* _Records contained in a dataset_
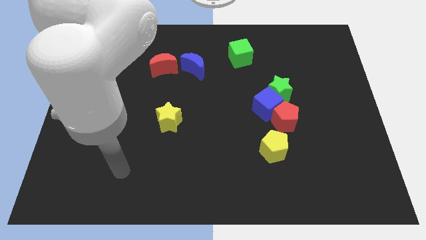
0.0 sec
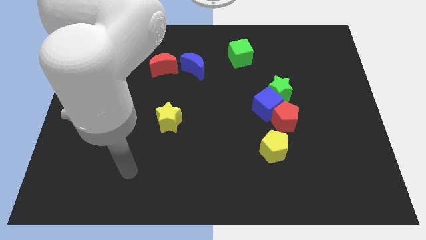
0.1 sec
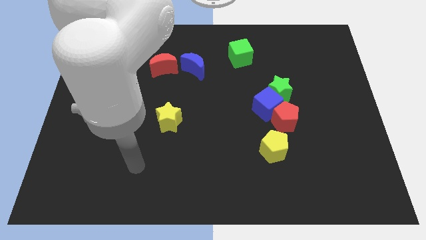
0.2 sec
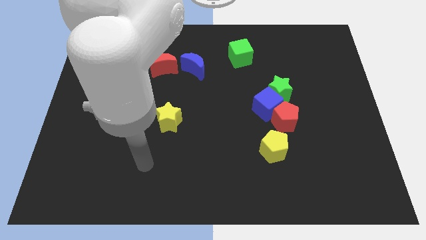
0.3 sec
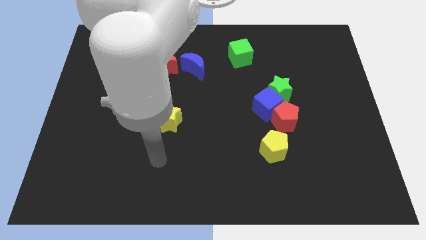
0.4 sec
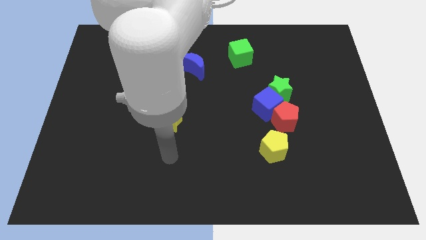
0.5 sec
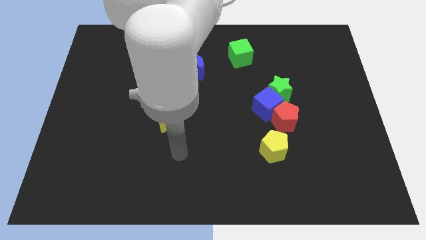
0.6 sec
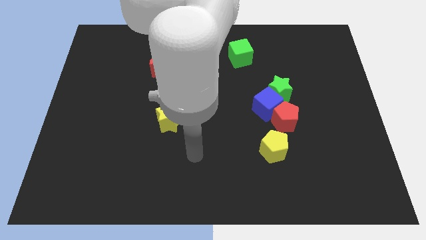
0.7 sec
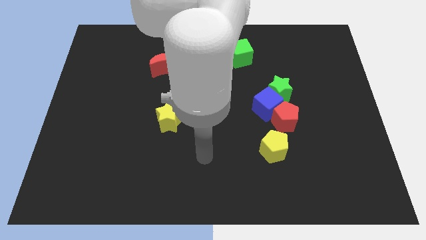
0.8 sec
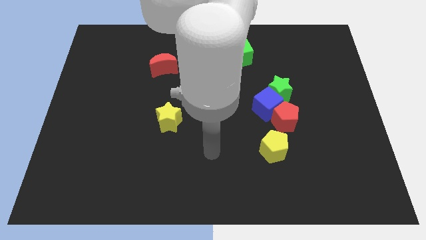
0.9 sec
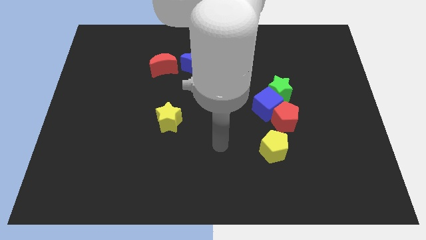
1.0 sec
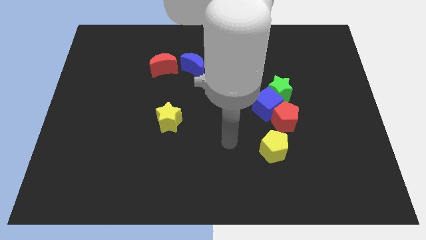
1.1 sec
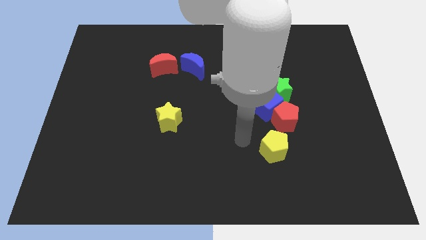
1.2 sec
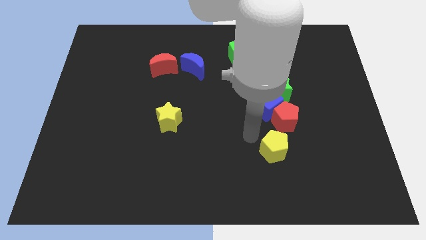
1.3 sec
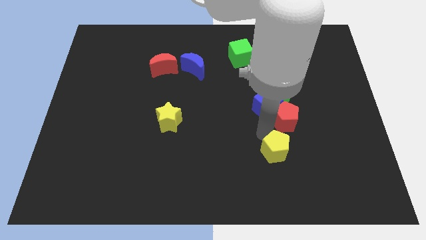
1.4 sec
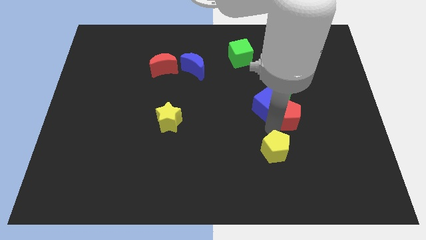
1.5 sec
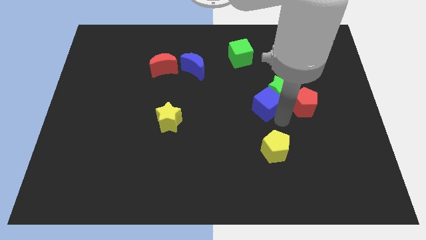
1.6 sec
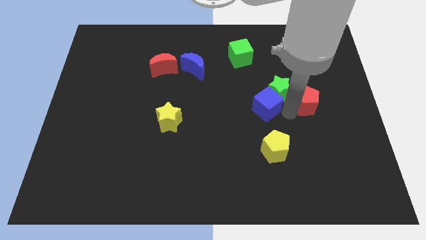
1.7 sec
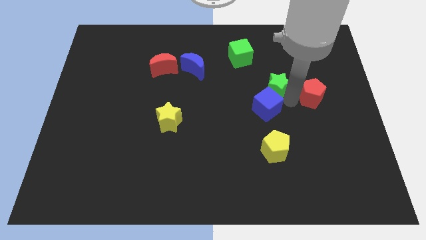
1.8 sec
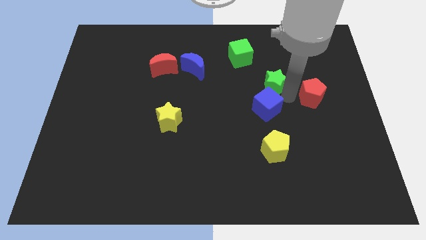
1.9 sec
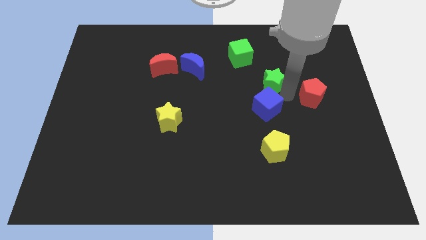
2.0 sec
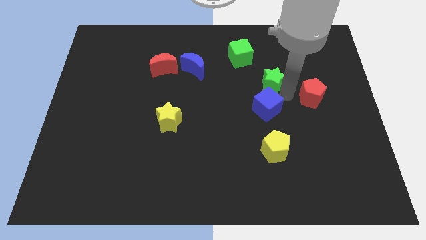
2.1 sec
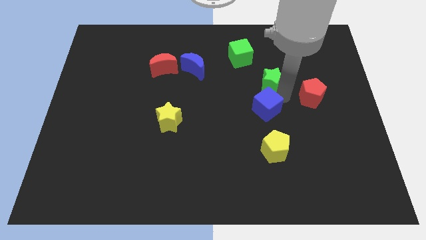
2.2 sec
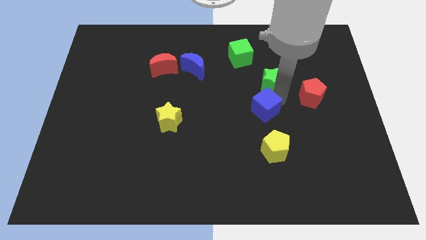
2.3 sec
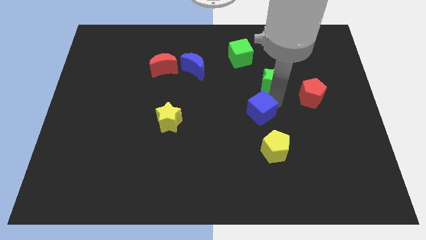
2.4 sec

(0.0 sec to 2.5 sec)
separate the blue cube from the red pentagon and green star

* _Problem statement_
Output the entries above exactly. Drop the pictures.

* _Written reply_
0.0 sec
0.1 sec
0.2 sec
0.3 sec
0.4 sec
0.5 sec
0.6 sec
0.7 sec
0.8 sec
0.9 sec
1.0 sec
1.1 sec
1.2 sec
1.3 sec
1.4 sec
1.5 sec
1.6 sec
1.7 sec
1.8 sec
1.9 sec
2.0 sec
2.1 sec
2.2 sec
2.3 sec
2.4 sec

(0.0 sec to 2.5 sec)
separate the blue cube from the red pentagon and green star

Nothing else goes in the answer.